イタリアを代表するカロッツェリアである、ピ二ンファリーナは2020年で90年を迎え、ひとつの節目にさしかかっている。現在では、筆記具や、ボート、建築デザインなども手掛けるなか、アウトモビリ・ピニンファリーナでは1900馬力を発揮するハイパーEVであるバッティスタ・ピ二ンファリーナの開発も行っている。90年で培ってきた技術やデザインの歴史を現代でも受け継ぎ、様々なスタイルでブランドをパワーアップさせているのだ。

2015年には創業85周年を記念し、イタリアの車の首都ともいえるトリノで、創業85周年を迎えたピニンファリーナを主役とするイベント、その名もコンコルソ・デレガンツァ・ピニンファリーナが開催された。

この新しいイベントは、パルコ・ヴァレンティーノ・サローネ&グラン・プレミオのイベントの一環として催されるもので、カステロ・デル・ヴァレンティーノの中庭に、ピニンファリーナの歴史に残る50台の車が展示された。これに先だって街の中心部を巡り、ピニンファリーナの作品が走る芸術品であることを集まった人々にアピールした。

その中で、最優秀賞を受賞したのはランチア・フロリダであった。1955年に発表したフロリダは、アウレリアのシャシー上にピニンファリーナが架装したコンセプトモデルで、1台のみが造られたものだ。


 
ピニンファリーナ・デザインチーフのファビオ・フィリピーニ、フェラーリのスタイリストであるアンドレア・ミリテッロ、BMWスタジオ部長のカリム・ハビーブという錚々たるメンバーから構成されるジャッジ・グループが、ランチア・フロリダを最優秀賞に選出。受賞理由は、ランチアの85年間の歴史が重要視されたことのほか、それ以降の自動車デザインに大きな影響(たくさんの亜流が誕生した)を与えたという重要性からであった。
 
フロリダはこれまでサンフランシスコ在住のオーナーの元にあったが、現在はミラノのコラード・ロプレストが所有している。イベント参加にあたっては、ロプレスト邸のあるミラノからトリノまで自走でやってきたが、その途中では、豪雨に見舞われたそうだ。
 
世界中から数々に逸品がトリノに集まったことで、優勝トロフィーをかけて熾烈な戦いが行われた。カロッツェリアの手になる幻想的ボディを持つヴィンティッジカーや、ジム・グリッケンハウスのエンツォベースのフェラーリP4/5、ピックアップトラックボディを持つ1992年フィアット・チンクエチェント、1980年にピニンファリーナ社50周年記念のために製作されたワンオフのフェラーリ・ピニン・サルーンなどだ。ピニンファリーナのファクトリー・ミュージアムからは、ナッシューヒーレーのプロトタイプ、カンビアーノやセルジオといった最近のコンセプトカーなども展示された。
 
ジーノ・コーエン所有の1947年チシタリア202には、最も優雅な車としてボヴェット賞が送られ、またアン・リーとボブ・リーが出品した1952年フェラーリ212インテル・カブリオレには、パオロ・ピニンファリーナ自身が選定したチェアマン賞が贈られた。これは、リー家との長期に渡る交友関係に加え、フェラーリとピニンファリーナのコラボレーションの始まり特徴付けるものであったことが受賞理由だった。

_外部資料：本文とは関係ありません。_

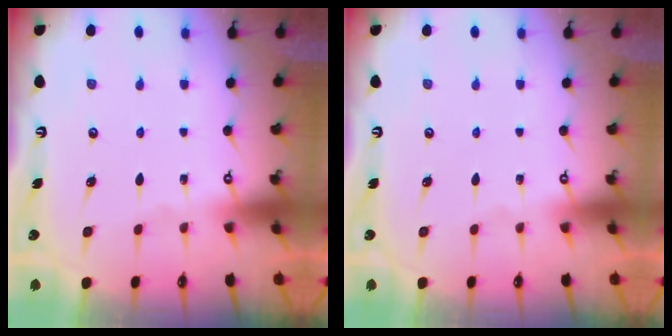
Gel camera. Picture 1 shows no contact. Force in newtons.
{"total": 0.0}

初代ピニンファリーナの孫に当たるパオロ・ピニンファリーナ社長は、「当社の歴史における主役の三世代であり、ピニンファリーナ・ファミリーの趣に一番近いと私が感じるこの車に賞を贈ることを喜んでいます。選定の審査基準は審美眼にもよりますが、主には車自体が発する情熱によるものです」と語った。
 
メインイベントのパルコ・ヴァレンティーノ・サローネ&グラン・プレミオのフィナーレは、パレードで締めくくられた。マッシモ・ダツェリオ大通りからヴェナリア宮殿まで、トリノ中心地の交通が14kmにも渡って封鎖され、何百台ものクラシックカー、スーパーカー、ショーカーがパレードを行った。



主催者らは、トリノの豊かな自動車産業の伝統を世界中にアピールする機会になると、このようなイベントを良い機会だと捉えている。